_Required work_
Word-for-word transcription needed. Include every entry below but no pictures.

_Saved entries_
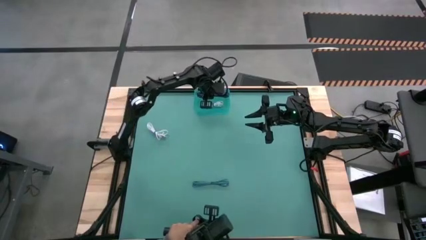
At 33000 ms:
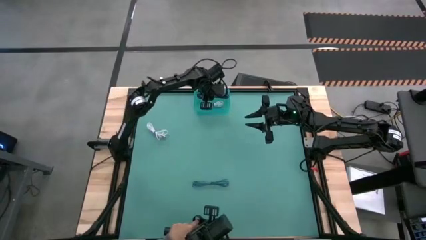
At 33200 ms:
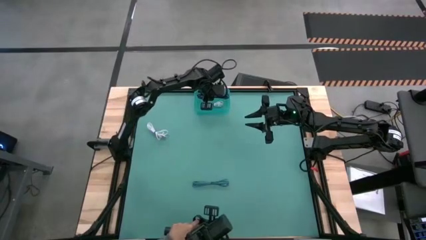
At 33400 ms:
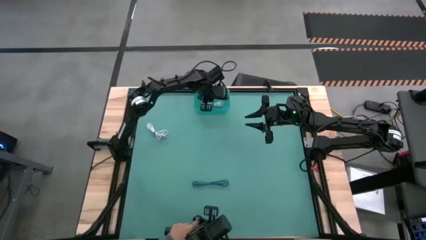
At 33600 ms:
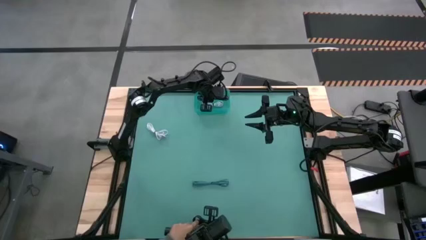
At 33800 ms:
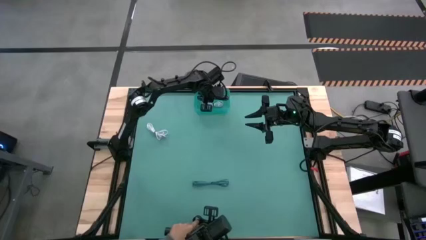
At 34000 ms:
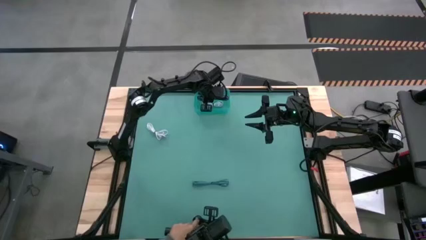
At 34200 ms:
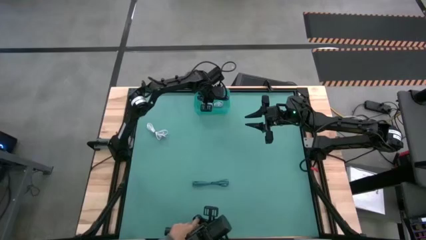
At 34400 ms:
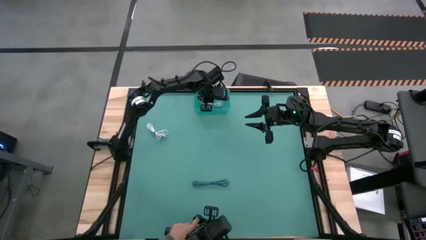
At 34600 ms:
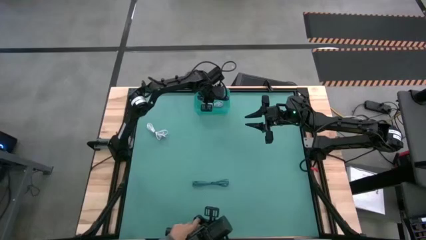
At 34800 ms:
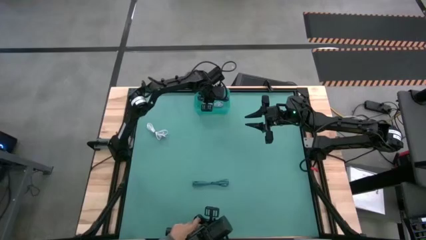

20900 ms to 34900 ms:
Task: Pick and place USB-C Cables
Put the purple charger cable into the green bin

_Written answer_
At 33000 ms:
At 33200 ms:
At 33400 ms:
At 33600 ms:
At 33800 ms:
At 34000 ms:
At 34200 ms:
At 34400 ms:
At 34600 ms:
At 34800 ms:

20900 ms to 34900 ms:
Task: Pick and place USB-C Cables
Put the purple charger cable into the green bin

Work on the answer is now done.